▸ INSTRUCTIONS FOR THE TASK: Lines before the one containing "share of the ground: 50 - 75 %" are not wanted. Transcribe that line and all after it exactly, to the end of the entries.

▸ INPUT RECORDS:
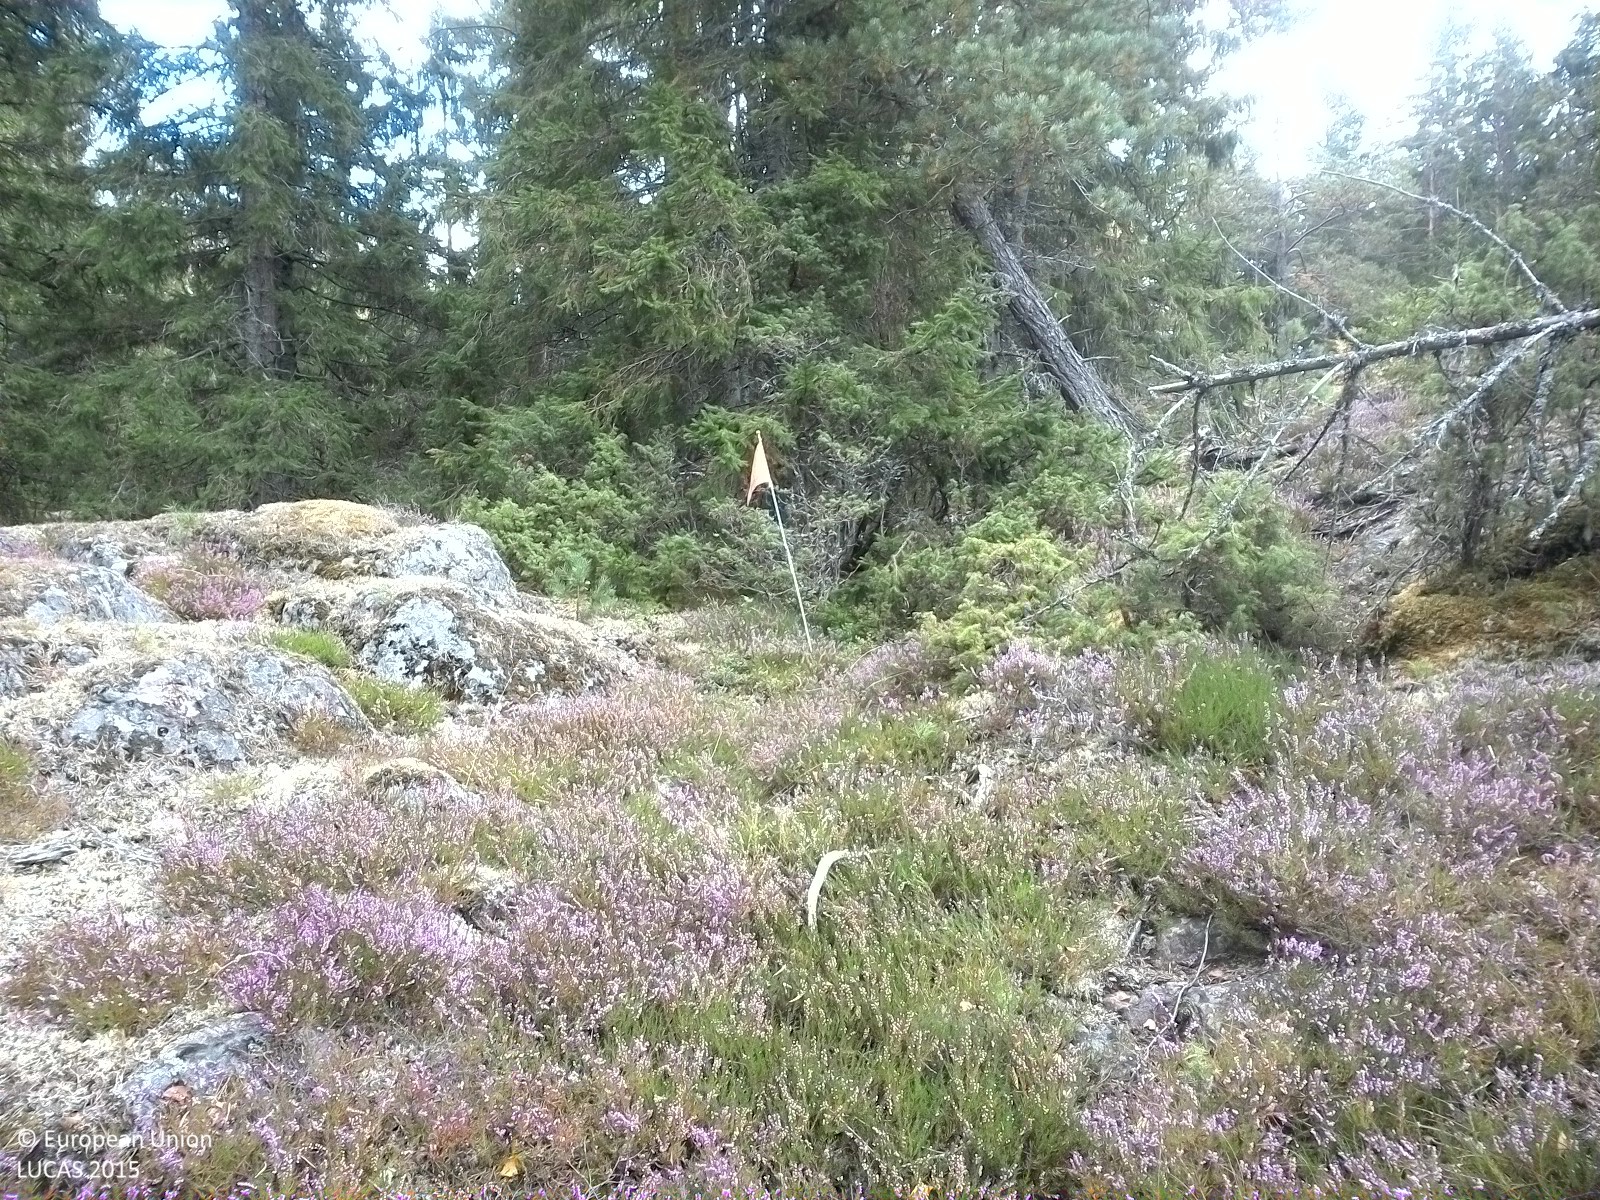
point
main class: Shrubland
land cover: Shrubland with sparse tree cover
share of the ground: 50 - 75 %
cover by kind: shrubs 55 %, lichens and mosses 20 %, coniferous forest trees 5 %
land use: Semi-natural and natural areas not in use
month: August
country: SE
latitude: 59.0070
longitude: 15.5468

▸ RESULT OF THE TASK:
share of the ground: 50 - 75 %
cover by kind: shrubs 55 %, lichens and mosses 20 %, coniferous forest trees 5 %
land use: Semi-natural and natural areas not in use
month: August
country: SE
latitude: 59.0070
longitude: 15.5468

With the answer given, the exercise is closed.